Author: Vas J, Aranda JM, Modesto M, Benítez-Parejo N, Herrera A, Martínez-Barquín DM, Aguilar I, Sánchez-Araujo M, Rivas-Ruiz F.
Affiliation:
Public Health System, Servicio Andaluz de Salud, Pain Treatment Unit, Doña Mercedes Primary Health Care Centre, Dos Hermanas, Spain.
Conference/Journal: Pain
Date published: 2012 Jul 4
Other:
Word Count: 245
Reviews of the efficacy of acupuncture as a treatment for acute low back pain have concluded that there is insufficient evidence for its efficacy and that more research is needed to evaluate it. A multicentre randomized controlled trial was conducted at 4 primary-care centres in Spain to evaluate the effects of acupuncture in patients with acute nonspecific low back pain in the context of primary care. A total of 275 patients with nonspecific acute low back pain (diagnosed by their general practitioner) were recruited and assigned randomly to 4 different groups: conventional treatment either alone or complemented by 5 sessions over a 2-week period of true acupuncture, sham acupuncture, or placebo acupuncture per patient. Patients were treated from February 2006 to January 2008. The primary outcome was the reduction in Roland Morris Disability Questionnaire scores of 35% or more after 2weeks' treatment. The patients in the 3 types of acupuncture groups were blinded to the treatments, but those who received conventional treatment alone were not.

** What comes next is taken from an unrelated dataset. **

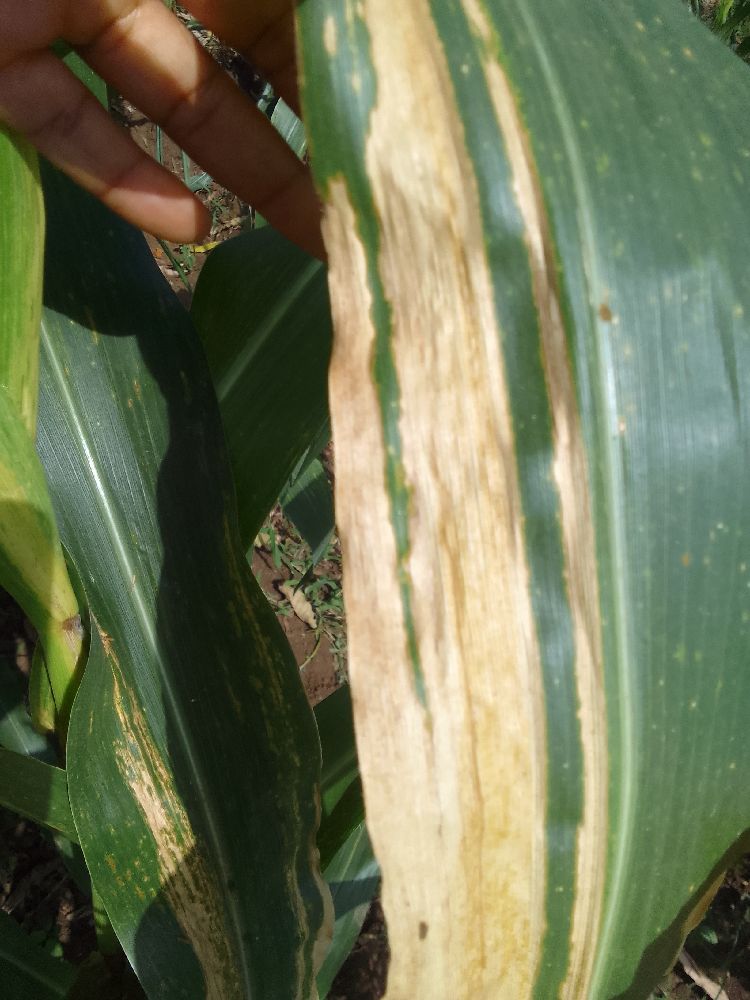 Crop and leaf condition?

maize, maize lethal necrosis
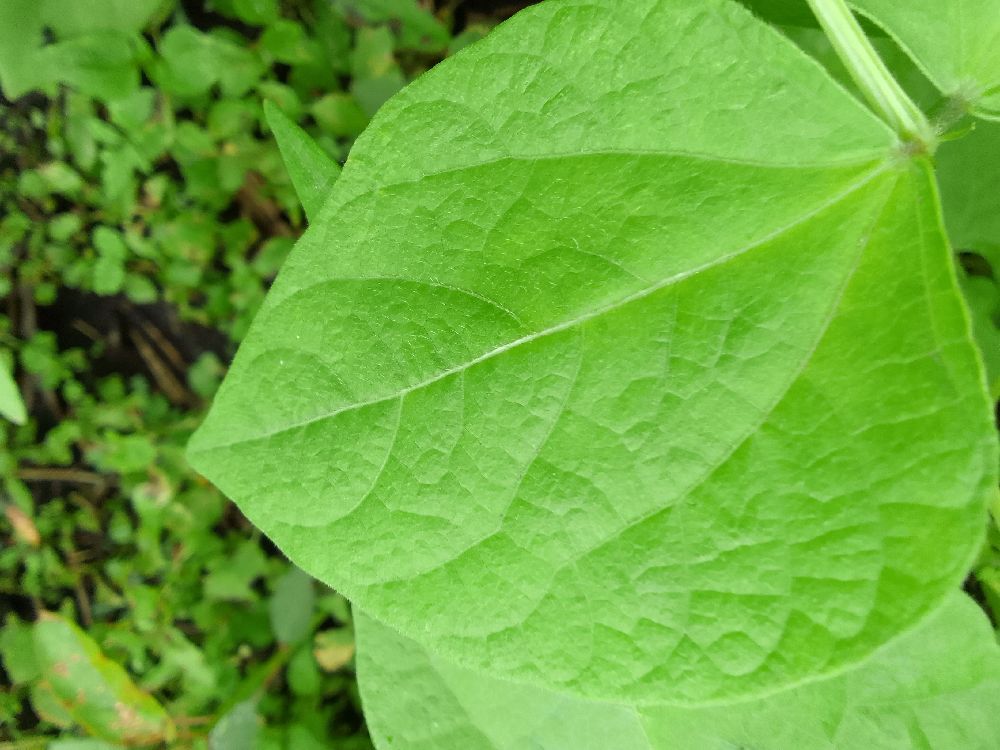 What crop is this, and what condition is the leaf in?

common bean, healthy

In the analysis adjusted for the total sample (true acupuncture relative risk 5.04, 95% confidence interval 2.24-11.32; sham acupuncture relative risk 5.02, 95% confidence interval 2.26-11.16; placebo acupuncture relative risk 2.57 95% confidence interval 1.21-5.46), as well as for the subsample of occupationally active patients, all 3 modalities of acupuncture were better than conventional treatment alone, but there was no difference among the 3 acupuncture modalities, which implies that true acupuncture is not better than sham or placebo acupuncture.